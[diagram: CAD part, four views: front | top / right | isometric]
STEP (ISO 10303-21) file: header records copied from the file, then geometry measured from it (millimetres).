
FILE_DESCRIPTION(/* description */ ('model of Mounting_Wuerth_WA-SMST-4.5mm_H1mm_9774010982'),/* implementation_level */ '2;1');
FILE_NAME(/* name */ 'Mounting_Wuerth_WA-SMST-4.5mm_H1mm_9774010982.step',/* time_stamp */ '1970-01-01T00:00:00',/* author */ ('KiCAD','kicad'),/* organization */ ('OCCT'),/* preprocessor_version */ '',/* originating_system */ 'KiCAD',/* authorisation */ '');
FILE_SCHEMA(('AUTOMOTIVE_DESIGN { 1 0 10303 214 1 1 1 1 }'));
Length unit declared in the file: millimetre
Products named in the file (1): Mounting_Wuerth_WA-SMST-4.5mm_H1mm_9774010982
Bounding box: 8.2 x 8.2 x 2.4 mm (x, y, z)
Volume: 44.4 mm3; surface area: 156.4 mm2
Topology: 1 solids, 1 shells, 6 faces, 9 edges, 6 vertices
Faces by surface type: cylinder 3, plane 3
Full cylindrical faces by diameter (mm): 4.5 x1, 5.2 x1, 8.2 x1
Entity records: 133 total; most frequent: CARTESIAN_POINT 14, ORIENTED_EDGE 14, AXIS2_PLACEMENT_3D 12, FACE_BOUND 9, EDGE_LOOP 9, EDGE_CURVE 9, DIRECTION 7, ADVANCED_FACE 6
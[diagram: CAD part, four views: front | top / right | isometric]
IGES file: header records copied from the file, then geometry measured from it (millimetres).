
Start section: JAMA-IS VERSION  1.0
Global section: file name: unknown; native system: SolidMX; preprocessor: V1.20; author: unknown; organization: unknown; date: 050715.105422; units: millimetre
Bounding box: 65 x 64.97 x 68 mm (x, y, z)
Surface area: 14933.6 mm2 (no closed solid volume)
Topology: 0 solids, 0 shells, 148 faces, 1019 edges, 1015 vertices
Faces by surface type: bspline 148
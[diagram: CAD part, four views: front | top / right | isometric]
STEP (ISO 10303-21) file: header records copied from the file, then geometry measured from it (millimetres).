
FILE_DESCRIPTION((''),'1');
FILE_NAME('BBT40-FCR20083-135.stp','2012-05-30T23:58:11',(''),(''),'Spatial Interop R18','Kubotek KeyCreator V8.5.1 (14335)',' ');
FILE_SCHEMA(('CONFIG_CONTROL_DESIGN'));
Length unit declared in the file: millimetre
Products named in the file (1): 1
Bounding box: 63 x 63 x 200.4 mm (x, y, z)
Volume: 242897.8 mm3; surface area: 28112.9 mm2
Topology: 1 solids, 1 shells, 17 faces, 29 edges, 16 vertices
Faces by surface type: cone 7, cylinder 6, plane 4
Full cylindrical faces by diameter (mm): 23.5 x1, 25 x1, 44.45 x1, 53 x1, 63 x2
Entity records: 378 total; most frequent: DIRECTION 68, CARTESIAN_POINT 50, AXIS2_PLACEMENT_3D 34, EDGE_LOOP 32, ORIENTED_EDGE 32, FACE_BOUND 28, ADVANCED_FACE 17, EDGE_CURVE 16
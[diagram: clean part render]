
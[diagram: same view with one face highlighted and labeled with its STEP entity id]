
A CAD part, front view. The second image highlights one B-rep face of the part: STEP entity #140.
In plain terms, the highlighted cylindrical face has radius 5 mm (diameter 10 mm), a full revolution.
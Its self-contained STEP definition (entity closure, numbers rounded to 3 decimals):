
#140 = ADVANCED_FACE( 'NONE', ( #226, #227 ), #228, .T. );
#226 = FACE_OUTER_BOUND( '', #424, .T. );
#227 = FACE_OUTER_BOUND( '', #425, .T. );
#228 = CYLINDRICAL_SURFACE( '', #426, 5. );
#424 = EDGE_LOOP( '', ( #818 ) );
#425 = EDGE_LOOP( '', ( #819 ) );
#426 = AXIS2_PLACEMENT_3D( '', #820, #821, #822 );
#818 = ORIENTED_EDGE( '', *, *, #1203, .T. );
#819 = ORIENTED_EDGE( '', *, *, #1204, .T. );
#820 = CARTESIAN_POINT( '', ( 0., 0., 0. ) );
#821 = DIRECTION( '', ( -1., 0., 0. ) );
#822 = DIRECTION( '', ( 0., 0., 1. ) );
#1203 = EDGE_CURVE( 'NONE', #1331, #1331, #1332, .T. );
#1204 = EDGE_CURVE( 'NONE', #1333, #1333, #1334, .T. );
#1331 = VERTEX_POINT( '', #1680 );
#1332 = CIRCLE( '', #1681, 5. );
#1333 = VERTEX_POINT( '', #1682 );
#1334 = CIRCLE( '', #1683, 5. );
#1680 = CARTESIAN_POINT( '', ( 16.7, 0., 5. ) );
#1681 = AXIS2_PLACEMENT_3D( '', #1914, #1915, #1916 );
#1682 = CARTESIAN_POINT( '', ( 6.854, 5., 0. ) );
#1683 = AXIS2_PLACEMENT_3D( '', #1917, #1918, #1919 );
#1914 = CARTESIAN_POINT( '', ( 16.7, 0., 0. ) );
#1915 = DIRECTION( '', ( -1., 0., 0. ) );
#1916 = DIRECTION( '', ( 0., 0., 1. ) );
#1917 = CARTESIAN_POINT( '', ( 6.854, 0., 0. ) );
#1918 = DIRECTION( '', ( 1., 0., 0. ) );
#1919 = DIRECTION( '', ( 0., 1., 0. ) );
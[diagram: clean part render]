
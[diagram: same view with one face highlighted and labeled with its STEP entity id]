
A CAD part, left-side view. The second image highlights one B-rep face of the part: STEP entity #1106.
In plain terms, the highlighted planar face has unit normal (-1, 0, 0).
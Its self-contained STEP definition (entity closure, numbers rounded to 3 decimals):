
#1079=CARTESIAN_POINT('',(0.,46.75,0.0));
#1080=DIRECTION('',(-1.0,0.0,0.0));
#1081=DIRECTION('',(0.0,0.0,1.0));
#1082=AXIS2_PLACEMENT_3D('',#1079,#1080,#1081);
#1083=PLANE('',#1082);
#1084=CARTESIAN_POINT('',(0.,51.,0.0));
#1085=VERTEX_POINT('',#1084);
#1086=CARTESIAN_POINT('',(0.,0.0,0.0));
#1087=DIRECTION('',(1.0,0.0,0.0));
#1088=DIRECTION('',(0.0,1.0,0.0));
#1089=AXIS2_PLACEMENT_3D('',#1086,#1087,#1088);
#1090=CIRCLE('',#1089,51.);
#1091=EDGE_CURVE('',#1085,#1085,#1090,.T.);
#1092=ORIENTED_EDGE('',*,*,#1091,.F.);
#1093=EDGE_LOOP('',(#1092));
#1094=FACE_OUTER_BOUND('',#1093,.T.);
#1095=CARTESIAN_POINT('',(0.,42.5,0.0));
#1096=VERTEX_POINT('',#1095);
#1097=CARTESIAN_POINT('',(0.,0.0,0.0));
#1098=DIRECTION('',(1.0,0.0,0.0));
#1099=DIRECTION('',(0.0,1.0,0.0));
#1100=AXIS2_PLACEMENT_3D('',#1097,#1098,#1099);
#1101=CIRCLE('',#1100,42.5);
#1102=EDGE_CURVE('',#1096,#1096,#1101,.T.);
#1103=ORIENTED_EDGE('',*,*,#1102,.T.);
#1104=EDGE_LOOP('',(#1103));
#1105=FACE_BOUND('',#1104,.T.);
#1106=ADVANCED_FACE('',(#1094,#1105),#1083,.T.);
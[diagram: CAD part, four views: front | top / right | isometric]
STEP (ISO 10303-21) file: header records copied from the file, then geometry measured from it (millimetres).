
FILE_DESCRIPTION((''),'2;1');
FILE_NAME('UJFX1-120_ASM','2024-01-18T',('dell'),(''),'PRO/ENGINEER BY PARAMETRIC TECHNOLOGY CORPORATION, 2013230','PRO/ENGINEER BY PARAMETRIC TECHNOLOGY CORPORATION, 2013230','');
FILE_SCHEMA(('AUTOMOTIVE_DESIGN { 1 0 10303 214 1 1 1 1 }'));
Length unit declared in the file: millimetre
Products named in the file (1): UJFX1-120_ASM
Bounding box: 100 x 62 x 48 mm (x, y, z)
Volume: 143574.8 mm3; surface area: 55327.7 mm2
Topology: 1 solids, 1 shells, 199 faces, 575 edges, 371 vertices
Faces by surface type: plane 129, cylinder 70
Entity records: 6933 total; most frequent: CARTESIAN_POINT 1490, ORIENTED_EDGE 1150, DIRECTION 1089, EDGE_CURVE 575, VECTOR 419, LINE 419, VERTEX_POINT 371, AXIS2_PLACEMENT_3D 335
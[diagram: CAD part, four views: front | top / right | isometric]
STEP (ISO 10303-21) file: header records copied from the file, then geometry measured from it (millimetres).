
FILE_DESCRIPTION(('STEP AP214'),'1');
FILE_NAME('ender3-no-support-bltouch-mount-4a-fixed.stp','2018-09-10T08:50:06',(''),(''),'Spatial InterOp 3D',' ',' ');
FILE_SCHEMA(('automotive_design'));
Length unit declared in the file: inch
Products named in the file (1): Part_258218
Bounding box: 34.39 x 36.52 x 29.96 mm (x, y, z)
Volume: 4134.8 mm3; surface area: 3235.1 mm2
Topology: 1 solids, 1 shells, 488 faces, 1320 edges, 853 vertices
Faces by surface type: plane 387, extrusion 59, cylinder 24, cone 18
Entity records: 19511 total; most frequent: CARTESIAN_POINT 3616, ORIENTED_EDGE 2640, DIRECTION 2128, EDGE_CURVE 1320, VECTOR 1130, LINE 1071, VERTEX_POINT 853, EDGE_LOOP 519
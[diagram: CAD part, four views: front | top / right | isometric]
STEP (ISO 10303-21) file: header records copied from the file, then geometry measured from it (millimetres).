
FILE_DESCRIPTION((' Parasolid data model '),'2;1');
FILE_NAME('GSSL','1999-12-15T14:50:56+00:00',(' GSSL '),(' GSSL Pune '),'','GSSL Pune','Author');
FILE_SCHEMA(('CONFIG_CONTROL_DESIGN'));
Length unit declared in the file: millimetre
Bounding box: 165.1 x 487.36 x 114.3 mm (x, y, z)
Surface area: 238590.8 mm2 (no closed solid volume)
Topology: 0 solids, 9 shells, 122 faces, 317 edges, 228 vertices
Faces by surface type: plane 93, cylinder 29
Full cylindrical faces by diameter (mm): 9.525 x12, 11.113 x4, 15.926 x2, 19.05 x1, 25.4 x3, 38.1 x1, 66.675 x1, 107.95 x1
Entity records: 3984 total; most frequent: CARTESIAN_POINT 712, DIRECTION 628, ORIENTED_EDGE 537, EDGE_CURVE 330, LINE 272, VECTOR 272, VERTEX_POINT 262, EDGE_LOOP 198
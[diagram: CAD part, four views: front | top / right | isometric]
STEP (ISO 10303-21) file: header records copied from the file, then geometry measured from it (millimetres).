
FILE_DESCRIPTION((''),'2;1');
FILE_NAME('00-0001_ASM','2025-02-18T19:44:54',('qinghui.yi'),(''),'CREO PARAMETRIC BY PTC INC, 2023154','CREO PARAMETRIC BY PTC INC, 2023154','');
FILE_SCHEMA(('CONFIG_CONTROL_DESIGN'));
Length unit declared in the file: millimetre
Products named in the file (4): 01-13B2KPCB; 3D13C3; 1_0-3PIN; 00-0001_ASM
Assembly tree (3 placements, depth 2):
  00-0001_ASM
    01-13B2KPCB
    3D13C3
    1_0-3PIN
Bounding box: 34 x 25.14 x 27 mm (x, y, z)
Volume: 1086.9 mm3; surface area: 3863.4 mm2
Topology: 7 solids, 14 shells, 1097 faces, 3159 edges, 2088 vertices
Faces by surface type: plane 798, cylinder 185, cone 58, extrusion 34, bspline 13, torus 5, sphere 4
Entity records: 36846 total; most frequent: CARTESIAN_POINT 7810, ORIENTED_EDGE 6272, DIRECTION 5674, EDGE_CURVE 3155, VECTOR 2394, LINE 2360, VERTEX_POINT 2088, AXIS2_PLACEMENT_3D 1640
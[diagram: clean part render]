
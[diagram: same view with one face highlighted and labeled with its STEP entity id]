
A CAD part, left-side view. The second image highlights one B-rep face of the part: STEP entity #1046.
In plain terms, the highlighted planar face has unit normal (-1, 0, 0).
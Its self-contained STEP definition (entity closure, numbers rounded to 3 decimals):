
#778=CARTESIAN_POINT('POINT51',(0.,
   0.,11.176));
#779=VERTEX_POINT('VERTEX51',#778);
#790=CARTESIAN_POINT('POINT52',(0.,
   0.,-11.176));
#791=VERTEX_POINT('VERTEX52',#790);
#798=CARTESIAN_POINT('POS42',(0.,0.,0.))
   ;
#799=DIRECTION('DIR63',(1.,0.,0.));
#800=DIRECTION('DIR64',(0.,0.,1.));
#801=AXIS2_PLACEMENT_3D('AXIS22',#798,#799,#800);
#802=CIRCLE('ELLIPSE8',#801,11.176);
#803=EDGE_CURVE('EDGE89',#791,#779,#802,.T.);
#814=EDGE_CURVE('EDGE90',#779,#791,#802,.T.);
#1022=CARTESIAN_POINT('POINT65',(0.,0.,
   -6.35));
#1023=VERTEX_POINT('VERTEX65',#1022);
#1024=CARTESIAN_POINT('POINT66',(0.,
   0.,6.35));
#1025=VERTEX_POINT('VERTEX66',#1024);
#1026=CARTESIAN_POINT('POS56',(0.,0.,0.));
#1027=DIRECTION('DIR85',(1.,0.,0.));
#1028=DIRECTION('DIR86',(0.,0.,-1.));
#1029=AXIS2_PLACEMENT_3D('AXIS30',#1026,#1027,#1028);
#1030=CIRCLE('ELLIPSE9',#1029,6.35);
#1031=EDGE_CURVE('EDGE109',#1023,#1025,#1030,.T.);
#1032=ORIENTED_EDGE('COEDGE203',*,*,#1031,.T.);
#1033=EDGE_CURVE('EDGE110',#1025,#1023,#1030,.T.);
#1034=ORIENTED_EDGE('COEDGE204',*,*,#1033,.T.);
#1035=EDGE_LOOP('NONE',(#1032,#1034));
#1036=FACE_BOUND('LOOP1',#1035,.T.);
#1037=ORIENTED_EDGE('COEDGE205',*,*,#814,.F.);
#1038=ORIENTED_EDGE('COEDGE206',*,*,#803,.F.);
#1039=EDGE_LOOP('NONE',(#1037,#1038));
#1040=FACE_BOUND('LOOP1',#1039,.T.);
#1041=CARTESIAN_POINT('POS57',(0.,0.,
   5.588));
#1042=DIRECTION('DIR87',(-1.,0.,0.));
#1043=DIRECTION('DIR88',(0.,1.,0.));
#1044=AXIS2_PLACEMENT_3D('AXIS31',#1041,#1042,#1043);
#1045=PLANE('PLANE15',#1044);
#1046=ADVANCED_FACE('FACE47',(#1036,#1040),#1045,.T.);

|---|

## What you will do
Above are the records; from them, give again exactly the lines from the one containing "FILE_DESCRIPTION(('STEP AP214'),'1');" to the one containing "Bounding box: 34.39", both lines included, and nothing more.

## Problem solution
FILE_DESCRIPTION(('STEP AP214'),'1');
FILE_NAME('ender3-no-support-bltouch-mount-4a-fixed.stp','2018-09-10T08:50:06',(''),(''),'Spatial InterOp 3D',' ',' ');
FILE_SCHEMA(('automotive_design'));
Length unit declared in the file: inch
Products named in the file (1): Part_258218
Bounding box: 34.39 x 36.52 x 29.96 mm (x, y, z)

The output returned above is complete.